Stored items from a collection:
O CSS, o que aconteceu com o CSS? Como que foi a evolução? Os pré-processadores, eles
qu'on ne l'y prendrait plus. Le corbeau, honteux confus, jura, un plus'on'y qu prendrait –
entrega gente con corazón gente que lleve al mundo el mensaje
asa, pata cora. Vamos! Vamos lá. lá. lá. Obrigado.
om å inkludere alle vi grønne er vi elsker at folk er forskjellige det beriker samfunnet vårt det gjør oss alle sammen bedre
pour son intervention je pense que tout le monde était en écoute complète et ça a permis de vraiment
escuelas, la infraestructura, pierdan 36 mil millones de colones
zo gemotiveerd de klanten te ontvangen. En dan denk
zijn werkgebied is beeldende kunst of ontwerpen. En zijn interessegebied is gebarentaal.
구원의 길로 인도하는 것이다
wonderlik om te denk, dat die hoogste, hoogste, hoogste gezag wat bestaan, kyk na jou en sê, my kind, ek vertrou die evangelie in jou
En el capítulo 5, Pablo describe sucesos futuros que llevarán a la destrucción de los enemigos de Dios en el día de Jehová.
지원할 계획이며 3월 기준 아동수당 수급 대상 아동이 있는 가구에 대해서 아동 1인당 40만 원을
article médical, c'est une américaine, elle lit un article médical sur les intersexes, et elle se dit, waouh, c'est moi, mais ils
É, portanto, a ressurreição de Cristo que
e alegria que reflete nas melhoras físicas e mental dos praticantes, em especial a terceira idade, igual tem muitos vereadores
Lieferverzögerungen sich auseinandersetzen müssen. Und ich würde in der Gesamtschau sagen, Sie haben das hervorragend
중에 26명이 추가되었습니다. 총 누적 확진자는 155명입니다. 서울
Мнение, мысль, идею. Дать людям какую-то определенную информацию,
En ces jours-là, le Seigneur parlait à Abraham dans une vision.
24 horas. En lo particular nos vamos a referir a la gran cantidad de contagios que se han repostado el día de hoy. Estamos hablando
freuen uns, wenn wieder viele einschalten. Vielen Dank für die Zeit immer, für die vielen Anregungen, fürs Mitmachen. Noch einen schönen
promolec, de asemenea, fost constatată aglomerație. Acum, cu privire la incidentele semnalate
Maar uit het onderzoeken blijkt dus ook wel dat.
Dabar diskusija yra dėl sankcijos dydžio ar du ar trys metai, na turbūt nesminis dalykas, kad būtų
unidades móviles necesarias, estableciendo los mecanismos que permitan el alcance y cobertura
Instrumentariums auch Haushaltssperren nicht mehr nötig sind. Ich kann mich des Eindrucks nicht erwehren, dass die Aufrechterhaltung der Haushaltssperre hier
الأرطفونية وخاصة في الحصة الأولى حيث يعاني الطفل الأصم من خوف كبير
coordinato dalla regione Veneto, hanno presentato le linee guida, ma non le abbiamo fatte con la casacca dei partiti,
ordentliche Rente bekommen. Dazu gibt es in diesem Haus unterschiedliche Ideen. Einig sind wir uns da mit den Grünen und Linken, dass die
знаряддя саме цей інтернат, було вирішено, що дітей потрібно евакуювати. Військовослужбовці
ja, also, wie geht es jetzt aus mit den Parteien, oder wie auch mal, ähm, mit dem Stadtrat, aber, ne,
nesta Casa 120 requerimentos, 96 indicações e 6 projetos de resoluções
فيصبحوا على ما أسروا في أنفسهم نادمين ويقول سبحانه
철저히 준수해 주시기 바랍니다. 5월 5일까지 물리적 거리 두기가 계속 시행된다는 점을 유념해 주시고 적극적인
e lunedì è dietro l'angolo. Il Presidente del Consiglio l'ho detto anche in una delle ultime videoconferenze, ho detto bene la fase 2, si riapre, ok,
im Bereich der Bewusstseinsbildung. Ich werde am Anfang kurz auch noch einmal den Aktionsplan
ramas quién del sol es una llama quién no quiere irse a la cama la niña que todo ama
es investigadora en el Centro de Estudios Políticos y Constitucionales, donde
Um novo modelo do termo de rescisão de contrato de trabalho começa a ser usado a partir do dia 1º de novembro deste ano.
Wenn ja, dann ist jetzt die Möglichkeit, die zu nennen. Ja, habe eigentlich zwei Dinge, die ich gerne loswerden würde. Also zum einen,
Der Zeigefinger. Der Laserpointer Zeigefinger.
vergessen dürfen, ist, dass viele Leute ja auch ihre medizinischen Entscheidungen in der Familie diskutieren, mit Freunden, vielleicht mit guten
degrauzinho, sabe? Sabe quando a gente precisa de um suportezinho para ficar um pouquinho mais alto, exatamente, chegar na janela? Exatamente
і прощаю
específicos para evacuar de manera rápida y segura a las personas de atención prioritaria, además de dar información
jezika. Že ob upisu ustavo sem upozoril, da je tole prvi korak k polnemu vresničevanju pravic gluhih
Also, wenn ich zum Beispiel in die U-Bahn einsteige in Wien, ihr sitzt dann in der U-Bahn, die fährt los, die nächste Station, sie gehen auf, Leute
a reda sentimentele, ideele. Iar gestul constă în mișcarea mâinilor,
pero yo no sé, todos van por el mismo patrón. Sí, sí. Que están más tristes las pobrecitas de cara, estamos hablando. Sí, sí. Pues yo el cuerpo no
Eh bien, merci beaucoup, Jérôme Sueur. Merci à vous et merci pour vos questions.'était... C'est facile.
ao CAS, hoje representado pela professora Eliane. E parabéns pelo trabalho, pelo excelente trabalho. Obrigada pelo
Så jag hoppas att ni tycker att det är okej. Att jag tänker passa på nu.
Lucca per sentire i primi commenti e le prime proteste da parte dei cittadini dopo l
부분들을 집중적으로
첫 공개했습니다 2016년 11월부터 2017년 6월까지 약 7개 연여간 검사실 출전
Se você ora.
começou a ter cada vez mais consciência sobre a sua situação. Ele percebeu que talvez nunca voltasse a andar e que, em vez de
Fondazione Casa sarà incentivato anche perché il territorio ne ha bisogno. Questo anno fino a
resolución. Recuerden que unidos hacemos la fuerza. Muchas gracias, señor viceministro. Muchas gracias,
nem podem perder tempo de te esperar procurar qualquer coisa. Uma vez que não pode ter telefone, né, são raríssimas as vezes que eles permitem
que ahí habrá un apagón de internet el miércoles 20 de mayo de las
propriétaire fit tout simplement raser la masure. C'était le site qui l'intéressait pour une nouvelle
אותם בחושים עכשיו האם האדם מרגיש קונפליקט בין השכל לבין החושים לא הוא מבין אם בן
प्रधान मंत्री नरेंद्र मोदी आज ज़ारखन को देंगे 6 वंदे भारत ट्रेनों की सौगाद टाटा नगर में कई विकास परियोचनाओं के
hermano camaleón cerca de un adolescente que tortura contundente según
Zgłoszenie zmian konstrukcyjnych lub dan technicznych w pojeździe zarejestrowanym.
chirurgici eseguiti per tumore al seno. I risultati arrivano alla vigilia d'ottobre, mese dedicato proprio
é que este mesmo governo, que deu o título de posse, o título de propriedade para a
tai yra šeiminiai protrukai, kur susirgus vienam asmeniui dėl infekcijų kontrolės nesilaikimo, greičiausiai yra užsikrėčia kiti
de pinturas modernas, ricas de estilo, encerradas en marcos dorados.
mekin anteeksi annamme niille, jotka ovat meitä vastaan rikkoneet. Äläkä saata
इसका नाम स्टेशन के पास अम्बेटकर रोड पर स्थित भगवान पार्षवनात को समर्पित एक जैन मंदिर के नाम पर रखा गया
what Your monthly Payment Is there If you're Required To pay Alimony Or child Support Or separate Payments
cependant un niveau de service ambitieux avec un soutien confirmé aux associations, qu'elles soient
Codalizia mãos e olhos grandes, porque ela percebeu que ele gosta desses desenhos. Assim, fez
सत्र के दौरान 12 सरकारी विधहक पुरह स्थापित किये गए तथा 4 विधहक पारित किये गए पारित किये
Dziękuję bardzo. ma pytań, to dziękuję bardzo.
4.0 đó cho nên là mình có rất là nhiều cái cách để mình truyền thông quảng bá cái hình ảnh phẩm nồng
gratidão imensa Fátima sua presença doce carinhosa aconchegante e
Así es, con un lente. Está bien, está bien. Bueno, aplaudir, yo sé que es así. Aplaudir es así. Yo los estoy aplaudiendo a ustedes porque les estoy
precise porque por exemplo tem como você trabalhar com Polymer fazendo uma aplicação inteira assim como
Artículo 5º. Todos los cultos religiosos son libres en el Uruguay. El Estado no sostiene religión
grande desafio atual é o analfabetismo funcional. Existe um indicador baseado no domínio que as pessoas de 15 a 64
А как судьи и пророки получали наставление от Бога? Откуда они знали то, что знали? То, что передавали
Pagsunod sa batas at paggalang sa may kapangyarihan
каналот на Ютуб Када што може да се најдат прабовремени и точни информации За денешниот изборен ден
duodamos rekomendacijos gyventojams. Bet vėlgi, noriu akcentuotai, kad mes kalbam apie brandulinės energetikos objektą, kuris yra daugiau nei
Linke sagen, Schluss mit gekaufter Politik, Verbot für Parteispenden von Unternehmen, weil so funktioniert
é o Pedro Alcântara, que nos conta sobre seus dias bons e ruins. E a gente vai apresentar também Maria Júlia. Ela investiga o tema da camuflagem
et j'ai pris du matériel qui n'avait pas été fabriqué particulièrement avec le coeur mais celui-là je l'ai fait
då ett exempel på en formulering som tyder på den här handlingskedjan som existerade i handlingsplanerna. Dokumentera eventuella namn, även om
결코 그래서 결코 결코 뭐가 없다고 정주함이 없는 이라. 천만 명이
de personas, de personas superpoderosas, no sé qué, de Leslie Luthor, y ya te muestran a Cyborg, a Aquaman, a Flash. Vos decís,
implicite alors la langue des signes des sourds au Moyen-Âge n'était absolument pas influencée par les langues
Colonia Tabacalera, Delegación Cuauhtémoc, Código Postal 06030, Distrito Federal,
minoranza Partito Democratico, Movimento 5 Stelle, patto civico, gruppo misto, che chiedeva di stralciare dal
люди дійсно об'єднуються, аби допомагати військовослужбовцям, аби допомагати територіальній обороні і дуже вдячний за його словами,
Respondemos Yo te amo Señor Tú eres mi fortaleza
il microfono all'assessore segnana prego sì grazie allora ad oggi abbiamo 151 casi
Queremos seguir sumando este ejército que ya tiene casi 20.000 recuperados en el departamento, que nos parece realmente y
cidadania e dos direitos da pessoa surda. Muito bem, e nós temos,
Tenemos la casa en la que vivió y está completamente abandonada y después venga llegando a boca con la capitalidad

■ DIRECTIONS FOR THIS TASK
Retype exactly the lines of the data above that fall between the line with "אותם בחושים עכשיו" and the line with "hermano camaleón cerca", inclusive, and add nothing.

■ COMPLETED EXERCISE
אותם בחושים עכשיו האם האדם מרגיש קונפליקט בין השכל לבין החושים לא הוא מבין אם בן
प्रधान मंत्री नरेंद्र मोदी आज ज़ारखन को देंगे 6 वंदे भारत ट्रेनों की सौगाद टाटा नगर में कई विकास परियोचनाओं के
hermano camaleón cerca de un adolescente que tortura contundente según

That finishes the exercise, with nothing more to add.